Think Like A Criminal: What You Need to Know About Social Engineering Attacks in 2021
- by Brittany Day
In a previous blog post Think Like A Criminal: How To Write A Phishing Email, we examine phishing from the eyes of an attacker to help you understand and protect against this notorious email scam that is to blame for over 90% of all cyberattacks. In this article, we'll take a look at social engineering - or techniques that attackers employ to manipulate psychology. Considering 98% of all cyber attacks rely on social engineering, we want to provide you with information on the topic and advice for protecting against social engineering attacks that you can use to safeguard your users and key business assets. Here is what you need to know about social engineering in 2021.
What Is Social Engineering & How Is It a Threat to My Business?
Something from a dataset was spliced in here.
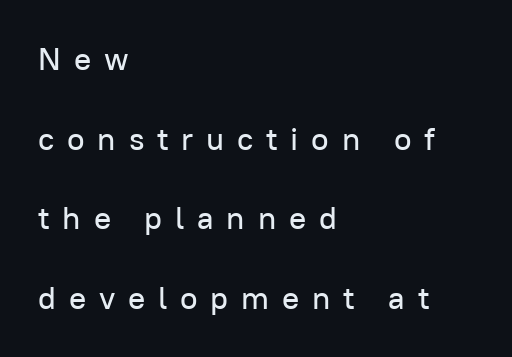
{"serif": "no", "italic": "no", "width": "normal", "stroke_contrast": "low", "x_height": "medium", "monospaced": "no", "underline": "no", "align": "left", "line_spacing": "loose", "line_spacing_ratio": 2.49, "letter_spacing": "wide", "letter_spacing_em": 0.4, "glyph_px": 32}

Social engineering refers to the use of deception to manipulate individuals into sharing confidential or personal information that can be used for fraudulent or malicious purposes. Criminals have been leveraging social engineering techniques for centuries; however, in recent years, the magnitude of this threat has increased exponentially. Threat actors are now able to obtain extensive information on targets by searching the Internet - relying heavily on widely-used social media platforms for their research.
Social engineering scams are highly successful because they exploit human nature. Attack campaigns often prey on people’s inherent desire to help or leverage trust relationships built with a superior, colleague, partner or organization.
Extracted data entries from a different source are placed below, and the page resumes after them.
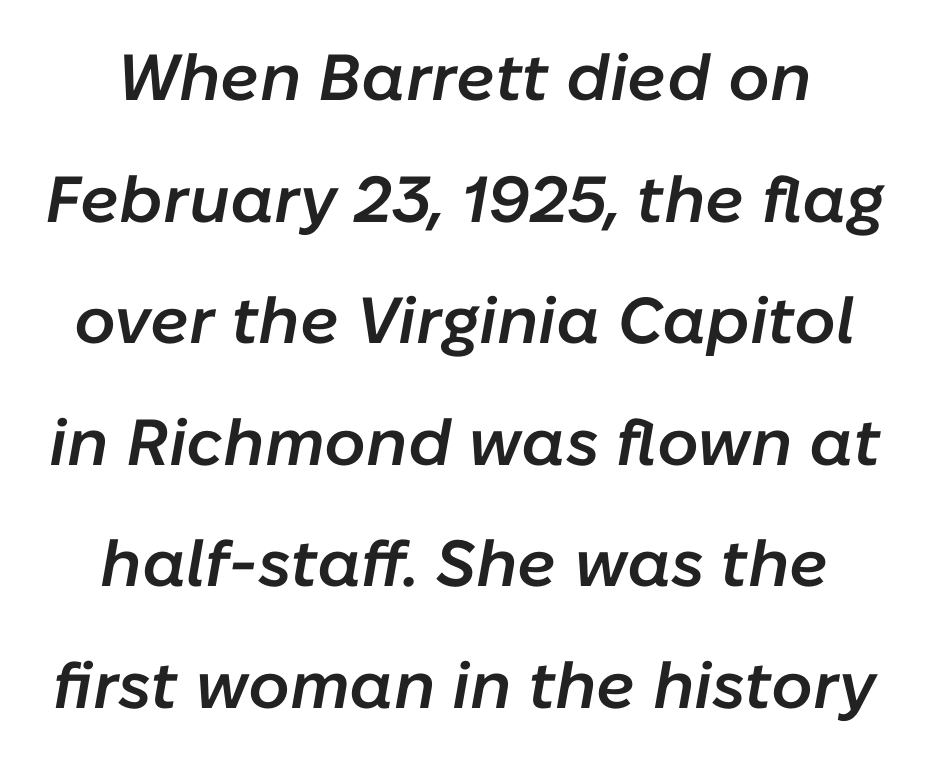
Q: Is the text bold? A: Semi-bold.
Q: Is the text italic (slanted)? A: Yes, it leans right by about 10 degrees.
Q: Is the text underlined? A: No.
Q: Is the spacing between letters normal or unusually wide? A: Normal.
Q: Width (condensed, normal, or wide)? A: Normal.
Q: Stroke contrast? A: Low.
Q: x-height? A: Medium.
Q: Monospaced? A: No.

Like other cyber threats, social engineering attacks generally follow a standard lifecycle methodology that can be broken down into four clearly-defined steps:
1. Information Gathering: Threat actors identify a target, employ Open Source Intelligence Techniques (OSINT) to gather as much information on the target as possible and select the attack method(s) they will use.
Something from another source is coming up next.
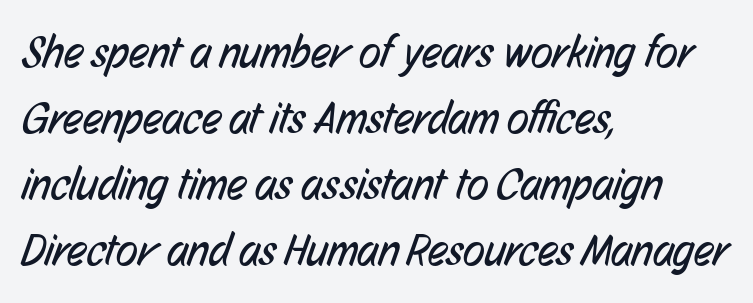
{"serif": "no", "bold": "no", "weight": "regular", "width": "condensed", "stroke_contrast": "low", "x_height": "medium", "monospaced": "no", "underline": "no", "align": "left", "line_spacing": "normal", "line_spacing_ratio": 1.47, "letter_spacing": "normal", "letter_spacing_em": 0.0, "glyph_px": 45}

2. Establish Relationship: Cyber criminals engage with the victim though targeted communications such as social media messages or spear phishing emails.
3. Exploitation: Attackers use information and the relationship they’ve built with the target to gain a ‘foothold’ (i.e. giving away sensitive information).
4. Attack Execution: Threat actors perform the attack - carefully erasing any digital footprints (such as malware) in order to remain undetected.
Phishing: A Favorite Lure Among Social Engineers
Phishing is the most common type of social engineering attack used to gain access to account credentials, sensitive data, confidential business information and funds. Phishing has dominated the email threat landscape for decades; however, with the recent increase in remote workers and the proliferation of popular cloud platforms like Microsoft 365 and Google Workspace, there has been a resurgence in phishing attacks. Unlike past phishing campaigns, modern phishing attacks are sophisticated, evasive and rely heavily on social engineering to appear legitimate. These malicious scams carry serious consequences for businesses including data theft, financial loss, reputation damage, significant downtime and, in many cases, permanent shutdown.
How Can I Defend Against Social Engineering Attacks?
The majority of social engineering attacks are so targeted and deceptive that it has become difficult to blame a user for falling for a scam. After all, even the most security-conscious individuals can be tricked by social engineering. Thus, defending against social engineering attacks requires a comprehensive, fully-managed email security solution capable of anticipating and blocking advanced and emerging threats in real-time that and preventing all malicious mail from being delivered, creating a safeguarded environment around the user.
In addition, users and organizations should use strong passwords for all accounts and be aware of the information they make publicly available online. We suggest checking websites for personal information that may be publicly available (like addresses, phone numbers, etc.), and requesting that it be removed. Websites like haveieenpwned, which notify users when their information is discovered online, can be helpful in monitoring the availability of your personal information on the Internet.
The Bottom Line
People are not computers - but they can still be hacked through the use of social engineering tactics. Combating modern email threats that leverage social engineering techniques requires a fully-managed, all-in-one email security solution that safeguards the inbox against all fraudulent mail that could potentially lead to compromise.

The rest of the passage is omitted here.